Skrining Psikologis Pranikah: Persiapan Penting bagi Pasangan Muda
Semakin banyak pasangan muda yang tertarik menjalani skrining psikologis pranikah sebagai langkah persiapan sebelum menikah. Namun, proses ini tidak sekadar mengisi formulir—pasangan perlu mempersiapkan diri secara menyeluruh. Menurut Maharani Galuh Safitri, S.Psi., M.Psi., Psikolog dan co-founder Pulih Bersama LARA, persiapan sebelum skrining justru menjadi kunci utama. Berikut hal-hal yang perlu diperhatikan sebelum mengikuti tes ini.

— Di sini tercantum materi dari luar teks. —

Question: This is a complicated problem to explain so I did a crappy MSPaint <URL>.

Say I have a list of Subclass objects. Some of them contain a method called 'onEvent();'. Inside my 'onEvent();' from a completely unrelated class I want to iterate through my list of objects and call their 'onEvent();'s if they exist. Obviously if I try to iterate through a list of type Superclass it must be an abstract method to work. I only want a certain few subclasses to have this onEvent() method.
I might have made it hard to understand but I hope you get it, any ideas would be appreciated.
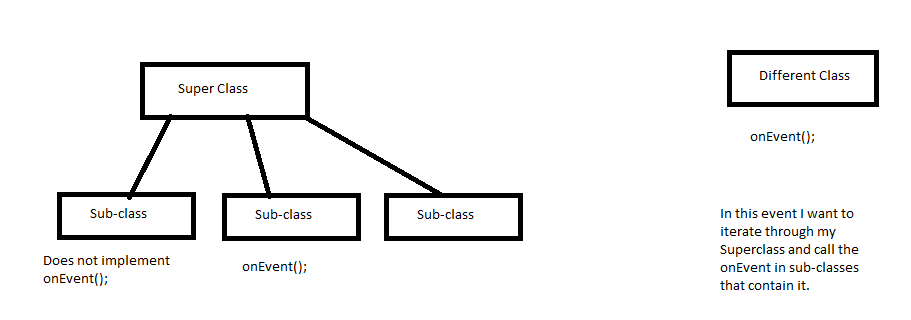
Answer: I think you should rethink your class design.
There are two solutions to your problem
1. Pull the onEvent method up into your super class as non-abstract method with empty body. Then you can override in subclasses only where appropriate.
2. Introduce an interface - let's call it EventHandler - that declares the method onEvent. Implement this interface in your subclasses where appropriate. Then either change your list to be a list of EventHandler objects or leave it as is and use instanceof to check if an object is an EventHandler in your iteration.
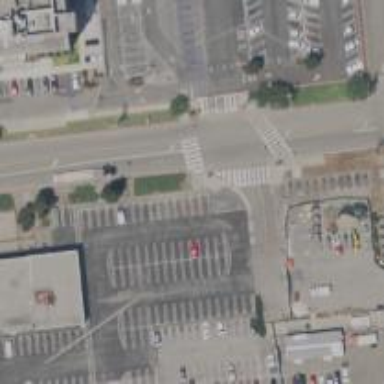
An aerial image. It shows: Parking space is available.
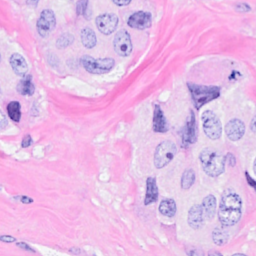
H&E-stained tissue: Breast
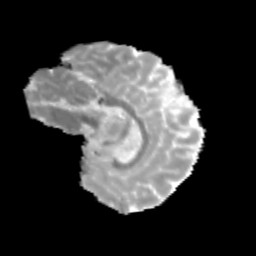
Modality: MD
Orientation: sagittal
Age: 11
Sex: female
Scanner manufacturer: siemens
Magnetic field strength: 3 T
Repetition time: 3.8 s
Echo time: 0.07 s
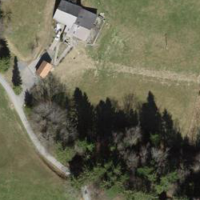
EUNIS habitat code: 24
Species observed at this site:
Campanula patula

Apa yang Disiapkan Sebelum Skrining Psikologis Pranikah?
1. Siap Mental Menerima Hasil
Hasil skrining psikologis tidak selalu sesuai harapan. Bisa jadi, pasangan menemukan perbedaan pola pikir, nilai hidup, atau bahkan luka masa lalu yang belum sepenuhnya pulih.
“Yang terpenting adalah kesiapan mental setiap individu dalam hubungan. Keduanya harus siap menerima sisi baik maupun buruk dari pasangan,” jelas Maharani dalam wawancara dengan Kompas.com (31/7/2025).
Kesiapan mental ini mencakup kemampuan menerima hasil tanpa sikap defensif, menyalahkan, atau terburu-buru mengambil keputusan.
2. Mau Berdiskusi dengan Terbuka
Skrining psikologis bukan ajang menentukan siapa yang lebih benar, melainkan bahan diskusi untuk memahami perbedaan secara dewasa.
“Pasangan harus bersedia mencari jalan tengah dari konflik yang muncul dalam hubungan. Kedewasaan sangat dibutuhkan,” tambah Maharani.
Komitmen untuk menyelesaikan masalah, bukan menghindar atau memaksakan pendapat, menjadi kunci dalam proses ini.
3. Komitmen untuk Jujur Selama Proses
Kejujuran menjadi faktor penentu akurasi hasil skrining. Dalam layanan seperti *Before We Say Yes*, pasangan mengisi formulir refleksi secara terpisah.
Jika ada manipulasi atau ketidakjujuran, hasilnya tidak akan menggambarkan kondisi sebenarnya dan justru berpotensi menyesatkan saat didiskusikan bersama.
4. Menyiapkan Biaya Layanan
Skrining psikologis umumnya berbayar, dengan biaya bervariasi tergantung jenis layanan.
“Di *Before We Say Yes*, biaya berkisar Rp 150.000 hingga Rp 300.000, tergantung kedalaman analisis, termasuk tes kepribadian,” ujar Maharani.
Beberapa layanan juga menawarkan konsultasi lanjutan dengan psikolog, sehingga penting bagi pasangan untuk merencanakan anggaran sejak awal.
5. Kesediaan Kedua Pihak untuk Ikut Serta
Proses ini hanya efektif jika kedua pasangan mengikutinya dengan kesadaran penuh, bukan karena paksaan.
Tanpa kemauan bersama, skrining justru berisiko menimbulkan ketegangan baru dalam hubungan.
6. Bersedia Menyelesaikan Konflik Berdasarkan Saran Ahli
Setelah skrining, pasangan akan mendapat saran dari psikolog untuk mengatasi perbedaan atau konflik.
“Perbedaan nilai hidup jangan diperdebatkan sampai memicu konflik, melainkan dijadikan bahan refleksi,” pesan Maharani.
Dengan saran ahli, pasangan diharapkan bisa mengambil langkah tepat dalam menyelesaikan masalah.
Skrining psikologis pranikah bukan sekadar mencari kecocokan, melainkan proses refleksi untuk membangun kejujuran dan pertumbuhan bersama. Dengan persiapan matang, pasangan dapat menjadikannya fondasi kuat bagi pernikahan yang lebih stabil secara emosional.